**Exercise objective**:
Every line of the data is to be output verbatim.

**Information shown**:
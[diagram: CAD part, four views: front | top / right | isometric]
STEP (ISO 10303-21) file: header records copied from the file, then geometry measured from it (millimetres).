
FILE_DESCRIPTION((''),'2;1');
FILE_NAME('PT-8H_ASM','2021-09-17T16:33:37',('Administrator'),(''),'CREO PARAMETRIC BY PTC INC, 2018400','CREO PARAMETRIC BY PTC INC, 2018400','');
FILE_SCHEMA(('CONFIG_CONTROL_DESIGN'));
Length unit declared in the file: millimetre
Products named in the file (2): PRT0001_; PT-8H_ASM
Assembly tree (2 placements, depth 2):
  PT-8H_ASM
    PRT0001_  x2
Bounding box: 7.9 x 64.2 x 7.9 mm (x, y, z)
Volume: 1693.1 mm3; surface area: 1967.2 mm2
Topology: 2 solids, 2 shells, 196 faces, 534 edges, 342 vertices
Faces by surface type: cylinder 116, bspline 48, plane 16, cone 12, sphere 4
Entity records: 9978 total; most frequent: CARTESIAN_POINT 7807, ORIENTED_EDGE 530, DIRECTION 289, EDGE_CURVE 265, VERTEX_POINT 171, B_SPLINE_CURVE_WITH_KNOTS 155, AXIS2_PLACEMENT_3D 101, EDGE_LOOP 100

**Exercise response**:
[diagram: CAD part, four views: front | top / right | isometric]
STEP (ISO 10303-21) file: header records copied from the file, then geometry measured from it (millimetres).
FILE_DESCRIPTION((''),'2;1');
FILE_NAME('PT-8H_ASM','2021-09-17T16:33:37',('Administrator'),(''),'CREO PARAMETRIC BY PTC INC, 2018400','CREO PARAMETRIC BY PTC INC, 2018400','');
FILE_SCHEMA(('CONFIG_CONTROL_DESIGN'));
Length unit declared in the file: millimetre
Products named in the file (2): PRT0001_; PT-8H_ASM
Assembly tree (2 placements, depth 2):
  PT-8H_ASM
    PRT0001_  x2
Bounding box: 7.9 x 64.2 x 7.9 mm (x, y, z)
Volume: 1693.1 mm3; surface area: 1967.2 mm2
Topology: 2 solids, 2 shells, 196 faces, 534 edges, 342 vertices
Faces by surface type: cylinder 116, bspline 48, plane 16, cone 12, sphere 4
Entity records: 9978 total; most frequent: CARTESIAN_POINT 7807, ORIENTED_EDGE 530, DIRECTION 289, EDGE_CURVE 265, VERTEX_POINT 171, B_SPLINE_CURVE_WITH_KNOTS 155, AXIS2_PLACEMENT_3D 101, EDGE_LOOP 100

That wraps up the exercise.